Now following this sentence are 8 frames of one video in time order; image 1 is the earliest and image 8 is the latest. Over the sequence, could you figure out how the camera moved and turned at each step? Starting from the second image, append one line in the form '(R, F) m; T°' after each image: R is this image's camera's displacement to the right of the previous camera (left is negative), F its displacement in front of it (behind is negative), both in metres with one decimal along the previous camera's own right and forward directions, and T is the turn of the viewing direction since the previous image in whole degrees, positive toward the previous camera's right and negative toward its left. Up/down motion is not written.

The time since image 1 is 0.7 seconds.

* * *

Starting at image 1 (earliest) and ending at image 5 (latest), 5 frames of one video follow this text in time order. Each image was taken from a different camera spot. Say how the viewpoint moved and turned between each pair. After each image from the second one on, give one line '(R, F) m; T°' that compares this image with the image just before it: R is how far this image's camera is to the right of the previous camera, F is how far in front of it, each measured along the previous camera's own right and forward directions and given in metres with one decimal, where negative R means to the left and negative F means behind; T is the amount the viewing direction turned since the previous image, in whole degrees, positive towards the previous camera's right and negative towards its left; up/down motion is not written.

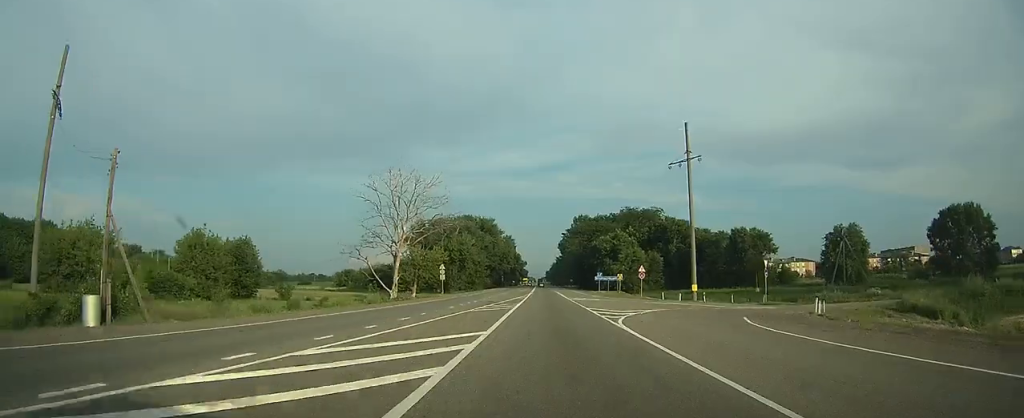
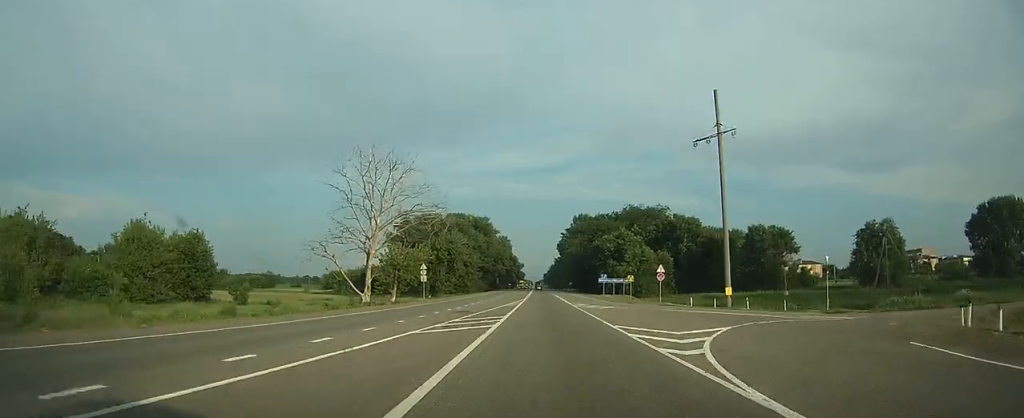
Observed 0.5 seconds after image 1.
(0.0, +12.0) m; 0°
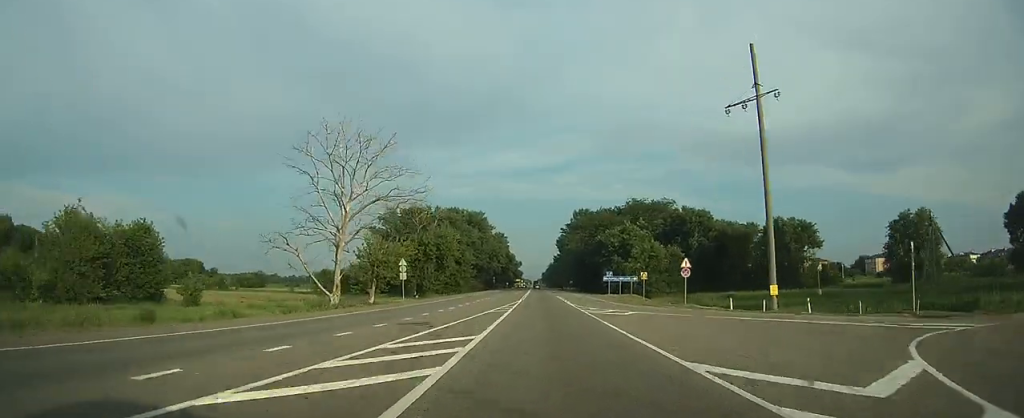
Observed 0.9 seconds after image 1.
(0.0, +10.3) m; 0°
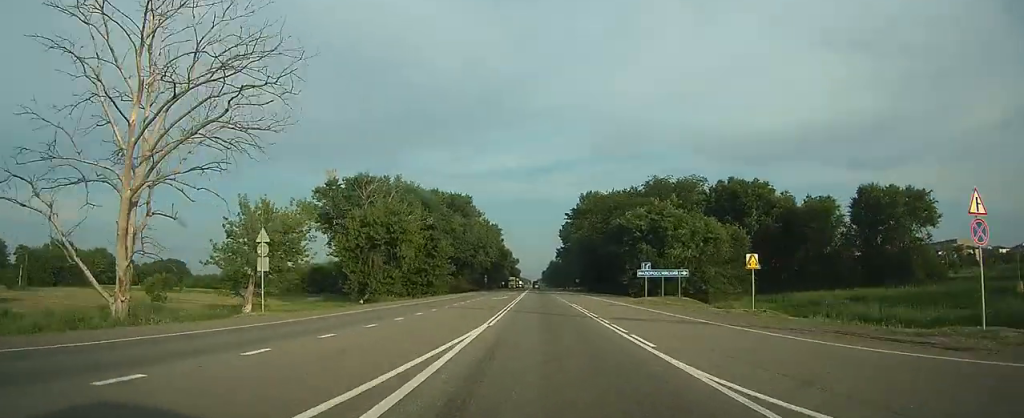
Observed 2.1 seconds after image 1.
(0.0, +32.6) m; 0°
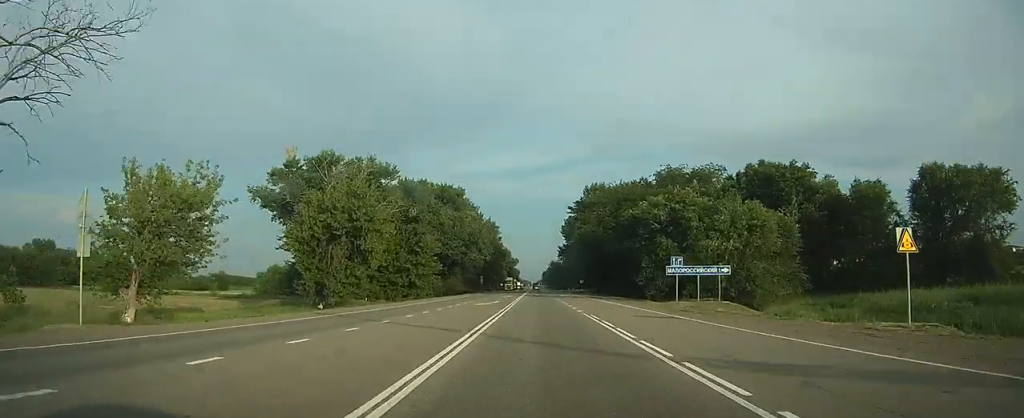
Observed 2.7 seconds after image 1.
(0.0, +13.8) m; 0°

--

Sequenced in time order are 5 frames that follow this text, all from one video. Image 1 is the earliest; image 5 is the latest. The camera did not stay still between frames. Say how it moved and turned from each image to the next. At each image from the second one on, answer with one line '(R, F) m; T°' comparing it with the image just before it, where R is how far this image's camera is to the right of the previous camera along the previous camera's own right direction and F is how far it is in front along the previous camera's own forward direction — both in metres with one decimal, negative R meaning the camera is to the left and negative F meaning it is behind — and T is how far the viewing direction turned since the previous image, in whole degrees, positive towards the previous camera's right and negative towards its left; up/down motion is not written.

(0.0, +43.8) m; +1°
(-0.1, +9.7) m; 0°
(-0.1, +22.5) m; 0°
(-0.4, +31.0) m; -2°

EXERCISE DESCRIPTION: Within the material above, output exactly the lines from the one with "Now following this" through the one with "The time since image 1 is 0.7 seconds.", end lines included, and nothing besides.

REPLY TO THE EXERCISE:
Now following this sentence are 8 frames of one video in time order; image 1 is the earliest and image 8 is the latest. Over the sequence, could you figure out how the camera moved and turned at each step? Starting from the second image, append one line in the form '(R, F) m; T°' after each image: R is this image's camera's displacement to the right of the previous camera (left is negative), F its displacement in front of it (behind is negative), both in metres with one decimal along the previous camera's own right and forward directions, and T is the turn of the viewing direction since the previous image in whole degrees, positive toward the previous camera's right and negative toward its left. Up/down motion is not written.

The time since image 1 is 0.7 seconds.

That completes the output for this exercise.